What happens in this case is that at runtime, even before your app runs, the App Service will turn the KEY_VAULT_NAME from the Web App’s app settings into an environment variable as described above. Then on application startup, the newly added Environment config builder will run, which will fill the value with the app setting named KEY_VAULT_NAME from the environment variable with the very same name. Then the AzureKeyVault config builder runs, which will get it’s vaultName attribute from the above-mentioned app setting. Finally, the AzureKeyVault config builder acts exactly as before and it will pull all the secrets from that particular Key Vault instance into the app’s settings. Phew!
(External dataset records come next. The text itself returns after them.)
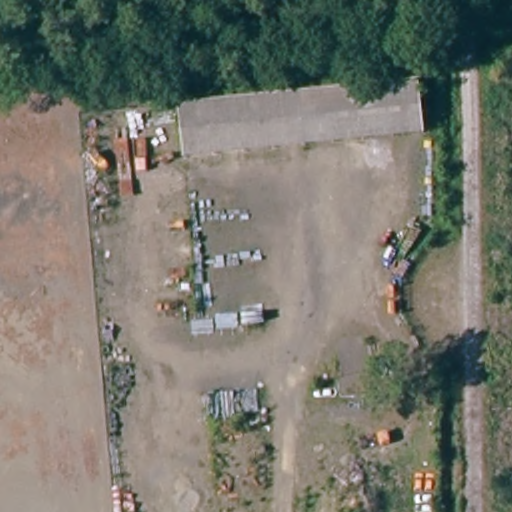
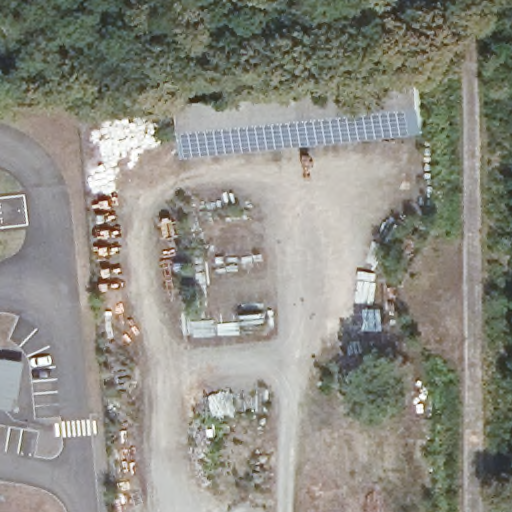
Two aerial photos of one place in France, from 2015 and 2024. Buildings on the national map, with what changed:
unchanged [(181,98),(185,97),(421,76),(425,131),(187,149),(181,98)]
new [(26,362),(21,399),(16,398),(15,410),(0,407),(0,357),(26,362)]

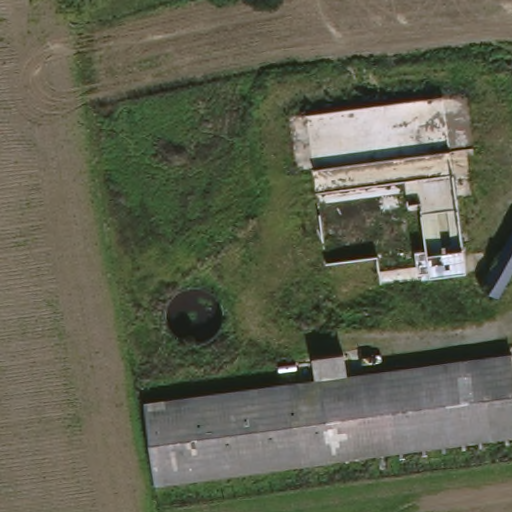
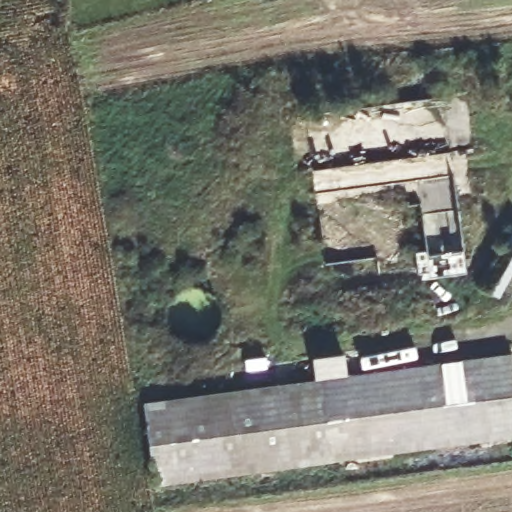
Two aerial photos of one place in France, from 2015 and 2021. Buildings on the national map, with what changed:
unchanged [(482,281),(499,255),(512,235),(512,271),(498,292),(482,281)]
unchanged [(484,358),(512,354),(512,436),(495,438),(346,458),(157,484),(146,404),(281,386),(301,383),(319,380),(316,358),(347,353),(350,376),(484,358)]

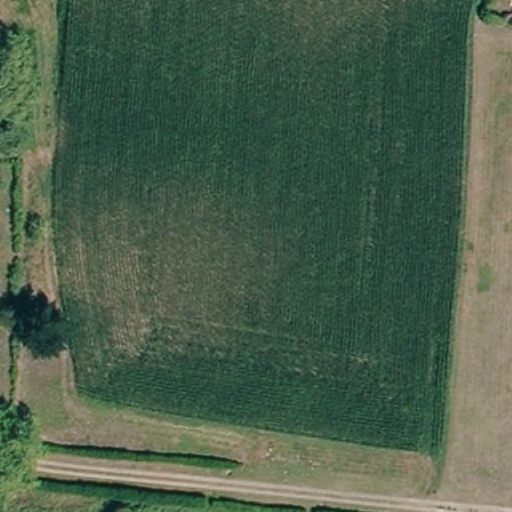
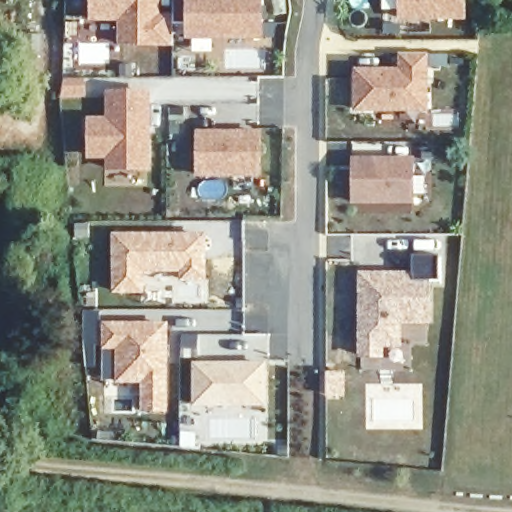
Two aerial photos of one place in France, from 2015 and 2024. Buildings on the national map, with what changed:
new [(187,40),(186,25),(174,24),(174,48),(117,46),(117,23),(90,23),(89,0),(161,0),(161,14),(174,14),(174,0),(264,0),(265,41),(187,40)]
new [(399,0),(467,0),(467,20),(400,21),(399,0)]
new [(354,112),(355,68),(398,69),(399,55),(430,54),(448,56),(448,66),(430,66),(430,113),(354,112)]
new [(106,172),(107,159),(87,158),(88,117),(105,117),(105,90),(151,90),(151,172),(106,172)]
new [(197,178),(196,130),(262,130),(262,178),(197,178)]
new [(352,205),(352,157),(415,157),(415,206),(352,205)]
new [(112,293),(113,233),(207,234),(207,283),(180,283),(180,273),(145,273),(145,295),(112,293)]
new [(359,271),(412,271),(413,256),(440,254),(441,280),(431,280),(432,325),(402,325),(402,349),(385,349),(385,359),(358,359),(359,271)]
new [(142,413),(141,384),(116,384),(116,350),(102,350),(102,322),(169,321),(169,413),(142,413)]
new [(194,408),(194,361),(266,362),(266,407),(194,408)]

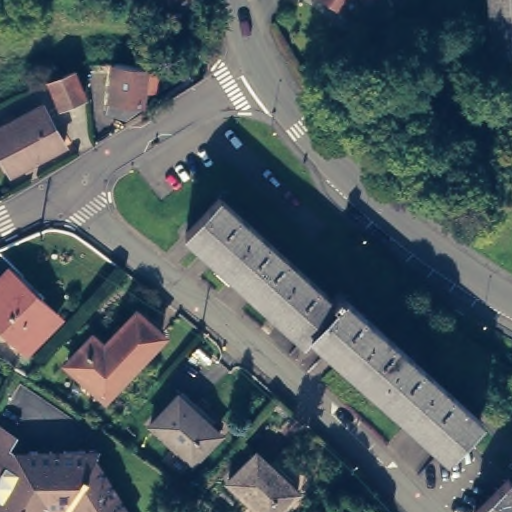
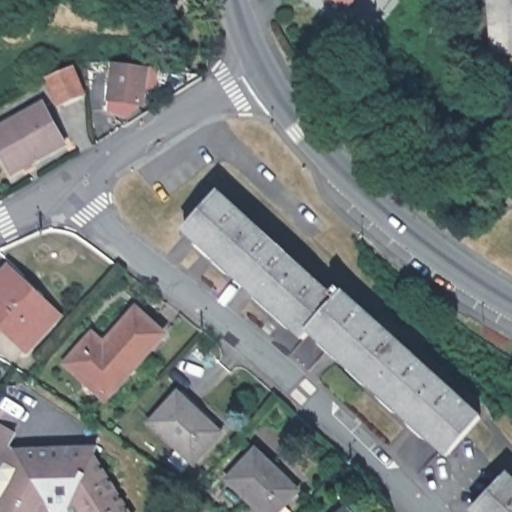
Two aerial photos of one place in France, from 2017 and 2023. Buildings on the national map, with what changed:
unchanged [(350,7),(340,0),(354,0),(350,7)]
unchanged [(490,0),(512,0),(512,52),(494,54),(490,0)]
unchanged [(100,61),(107,120),(95,122),(87,62),(100,61)]
unchanged [(147,64),(150,66),(147,99),(130,114),(110,107),(116,62),(147,64)]
unchanged [(53,78),(77,66),(88,90),(64,101),(53,78)]
unchanged [(0,133),(49,107),(70,146),(17,175),(0,145),(0,133)]
unchanged [(306,329),(297,336),(183,230),(214,195),(327,293),(332,288),(458,402),(462,406),(472,416),(440,453),(306,329)]
unchanged [(28,349),(0,322),(0,283),(10,273),(59,318),(28,349)]
unchanged [(100,338),(112,348),(144,314),(169,336),(114,398),(77,364),(100,338)]
unchanged [(198,464),(157,426),(182,398),(225,435),(198,464)]
unchanged [(100,448),(97,455),(133,512),(1,512),(32,453),(100,448)]
unchanged [(0,453),(32,453),(1,512),(0,512),(0,453)]
unchanged [(284,512),(270,512),(237,480),(262,455),(303,493),(284,512)]
unchanged [(512,475),(512,512),(475,512),(472,508),(507,471),(512,475)]

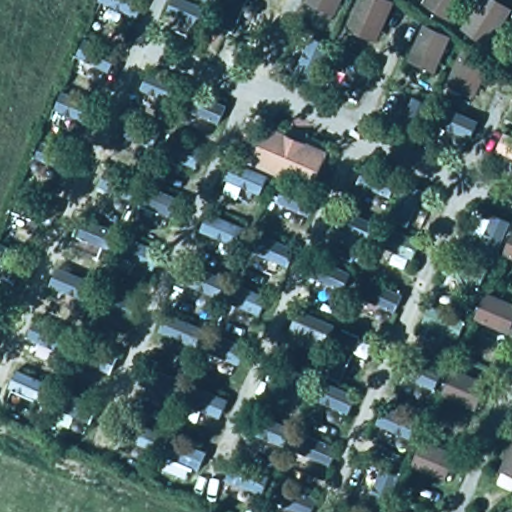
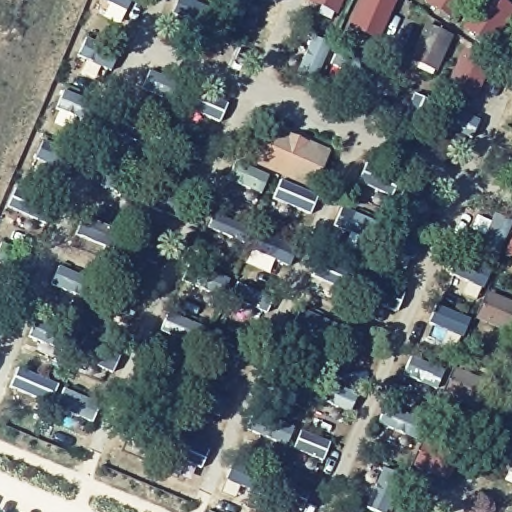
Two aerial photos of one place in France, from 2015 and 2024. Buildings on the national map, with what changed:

For more details about how these all works under the hood, please refer to the official docs.

Automated deployment

One obvious benefit of the above discussed advanced configuration is that it makes it extremely easy to deploy the infrastructure of your application to different Azure environments.

Here you can find a sample application that contains the implementation of the above detailed steps plus an ARM template that you can use as a basis of your own deployments. So if you want to see everything we discussed so far in motion, just deploy the ARM template to Azure, publish the sample application into the freshly created Web App, send an HTTP GET request to its /api/values endpoint and in the response you will be able to see the value of the secret you’ve saved in the Key Vault during the ARM deployment.

Since you are reading this blog post, I will assume that you are familiar with ARM templates - and if you are not, this is a great starting point - and I won’t explain the whole template. But I would still like to point out some interesting bits and pieces of what are responsible for facilitating the connection between the Web App and the Key Vault. (Thus some parts are removed for brevity below.)

Here, in the Web App’s definition, we are telling the Azure Resource Manager to create a managed identity for the app and also set the KEY_VAULT_NAME app setting to the name of the soon-to-be created Key Vault:

  "name": "[parameters('webAppName')]",
  "type": "Microsoft.Web/sites",
  "identity": {
    "type": "SystemAssigned"
  "properties": {
    "siteConfig": {
      "appSettings": [
          "name": "KEY_VAULT_NAME",
          "value": "[parameters('keyVaultName')]"

Then, when we create the Key Vault, we add that identity to its access policies:

  "name": "[parameters('keyVaultName')]",
  "type": "Microsoft.KeyVault/vaults",
  "properties": {
    "accessPolicies": [
        "tenantId": "[reference(variables('identityResourceId'), '2015-08-31-PREVIEW').tenantId]",
        "objectId": "[reference(variables('identityResourceId'), '2015-08-31-PREVIEW').principalId]",
        "permissions": {
          "secrets": [


This is the closest solution I found to mimic configuration providers from ASP.NET Core in ASP.NET. This is just one possible way of using config builders in ASP.NET and I think this tutorial shows perfectly the flexibility of this relatively small piece of the framework.